_PROMPT:_
An exact restatement of the entire listing is needed, excluding all images.

+++

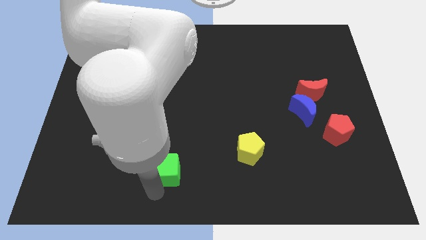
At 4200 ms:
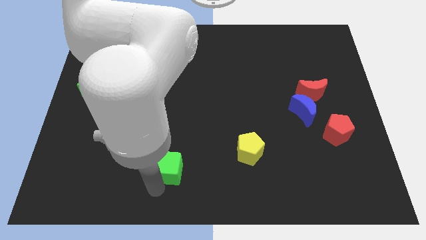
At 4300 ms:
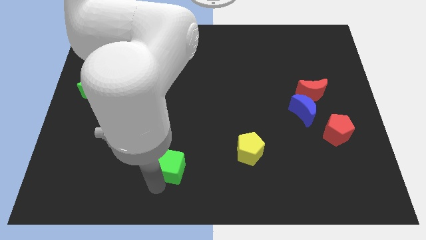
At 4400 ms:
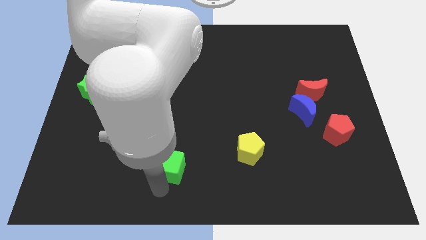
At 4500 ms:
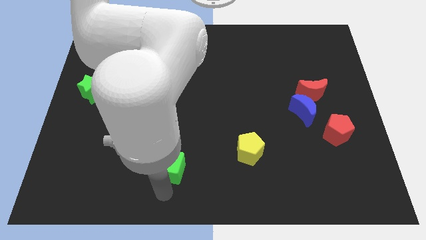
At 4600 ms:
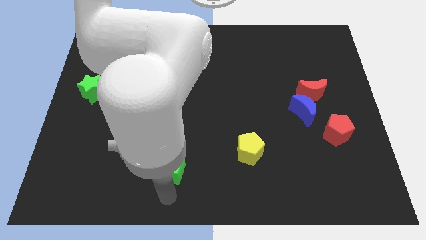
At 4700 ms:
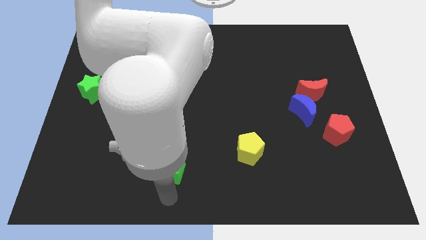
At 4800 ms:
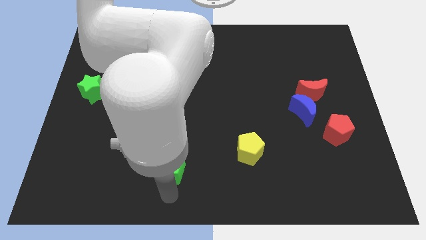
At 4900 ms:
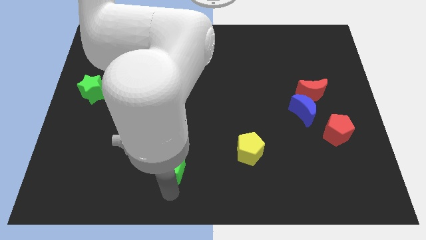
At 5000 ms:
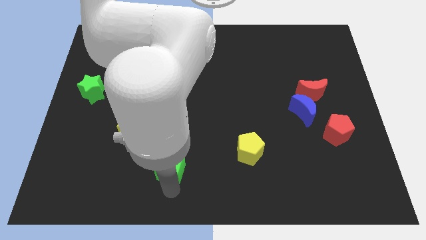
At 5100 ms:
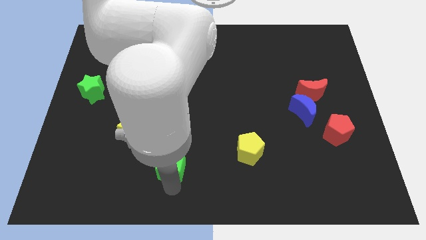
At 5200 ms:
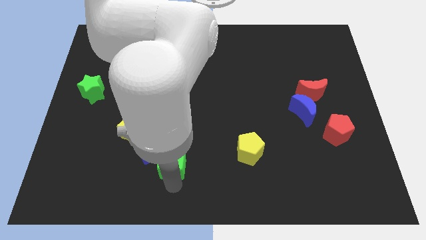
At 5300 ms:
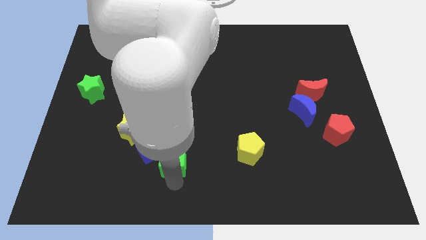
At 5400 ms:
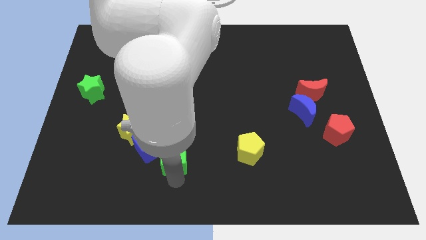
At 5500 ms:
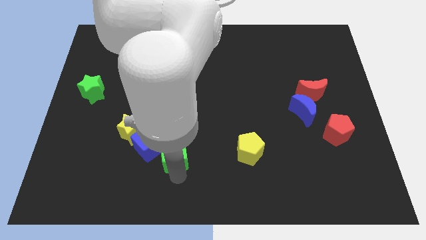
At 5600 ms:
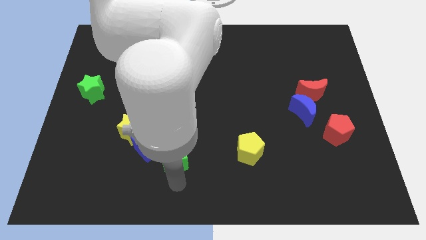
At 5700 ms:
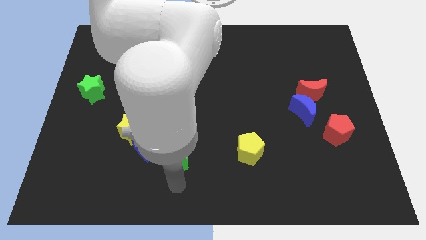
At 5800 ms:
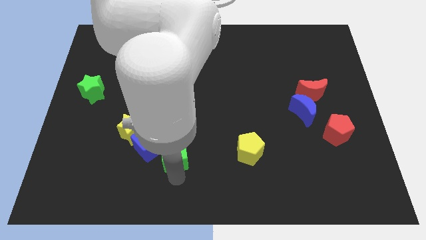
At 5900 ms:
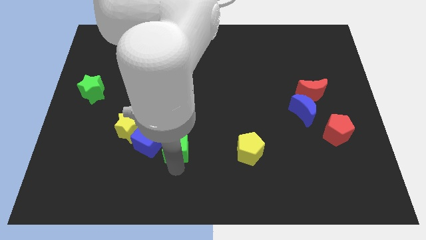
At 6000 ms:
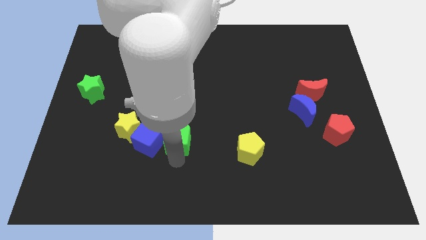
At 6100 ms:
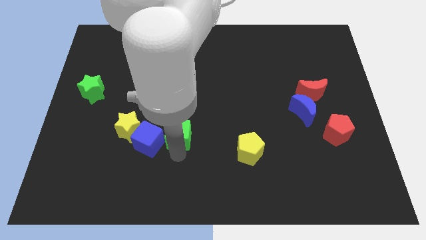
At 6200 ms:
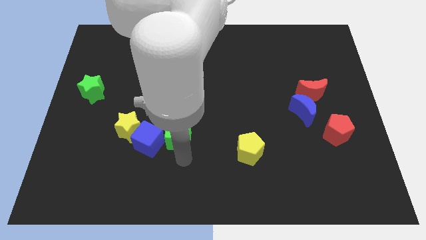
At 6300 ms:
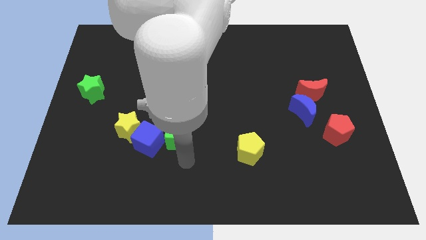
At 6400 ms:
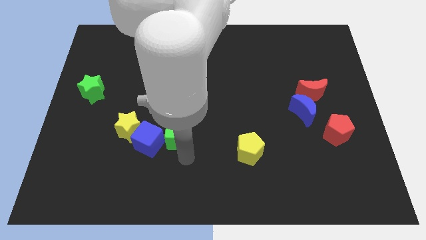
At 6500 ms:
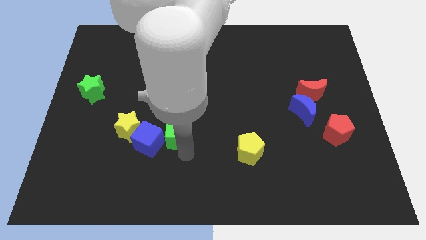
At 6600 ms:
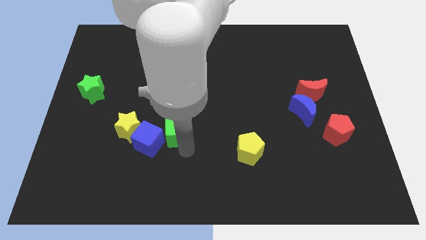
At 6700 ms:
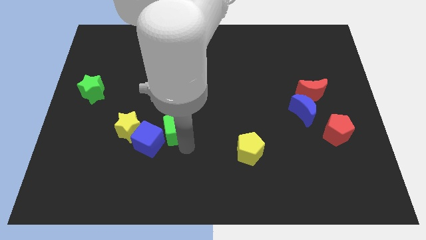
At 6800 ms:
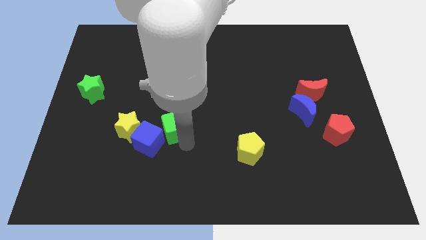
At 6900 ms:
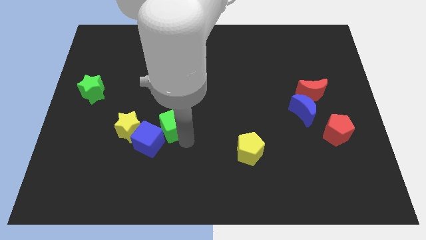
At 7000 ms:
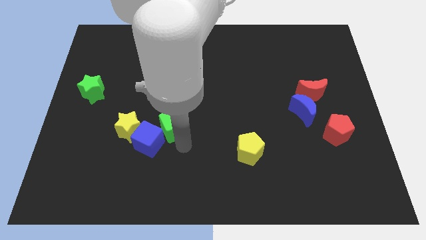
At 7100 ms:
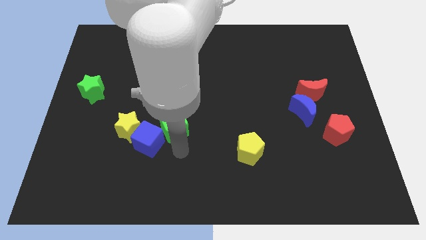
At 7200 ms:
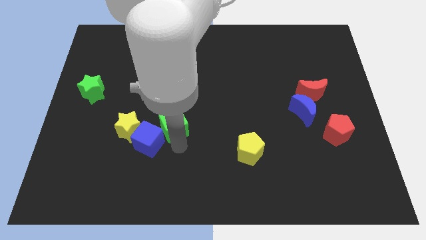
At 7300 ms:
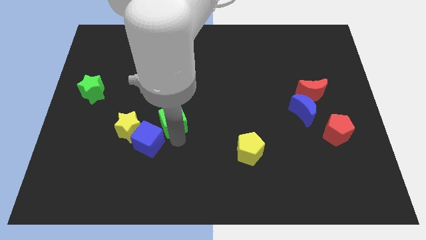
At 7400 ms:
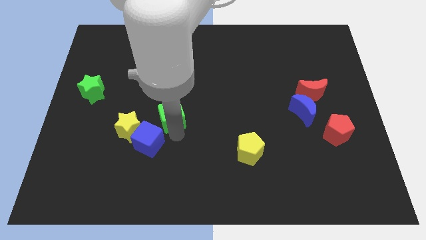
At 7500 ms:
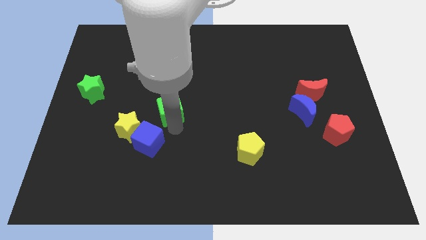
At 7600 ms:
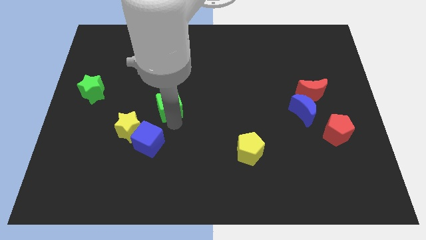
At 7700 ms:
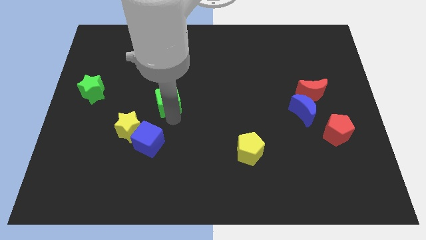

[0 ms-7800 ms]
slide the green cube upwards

+++

_OUTPUT OF THE TASK:_
At 4200 ms:
At 4300 ms:
At 4400 ms:
At 4500 ms:
At 4600 ms:
At 4700 ms:
At 4800 ms:
At 4900 ms:
At 5000 ms:
At 5100 ms:
At 5200 ms:
At 5300 ms:
At 5400 ms:
At 5500 ms:
At 5600 ms:
At 5700 ms:
At 5800 ms:
At 5900 ms:
At 6000 ms:
At 6100 ms:
At 6200 ms:
At 6300 ms:
At 6400 ms:
At 6500 ms:
At 6600 ms:
At 6700 ms:
At 6800 ms:
At 6900 ms:
At 7000 ms:
At 7100 ms:
At 7200 ms:
At 7300 ms:
At 7400 ms:
At 7500 ms:
At 7600 ms:
At 7700 ms:

[0 ms-7800 ms]
slide the green cube upwards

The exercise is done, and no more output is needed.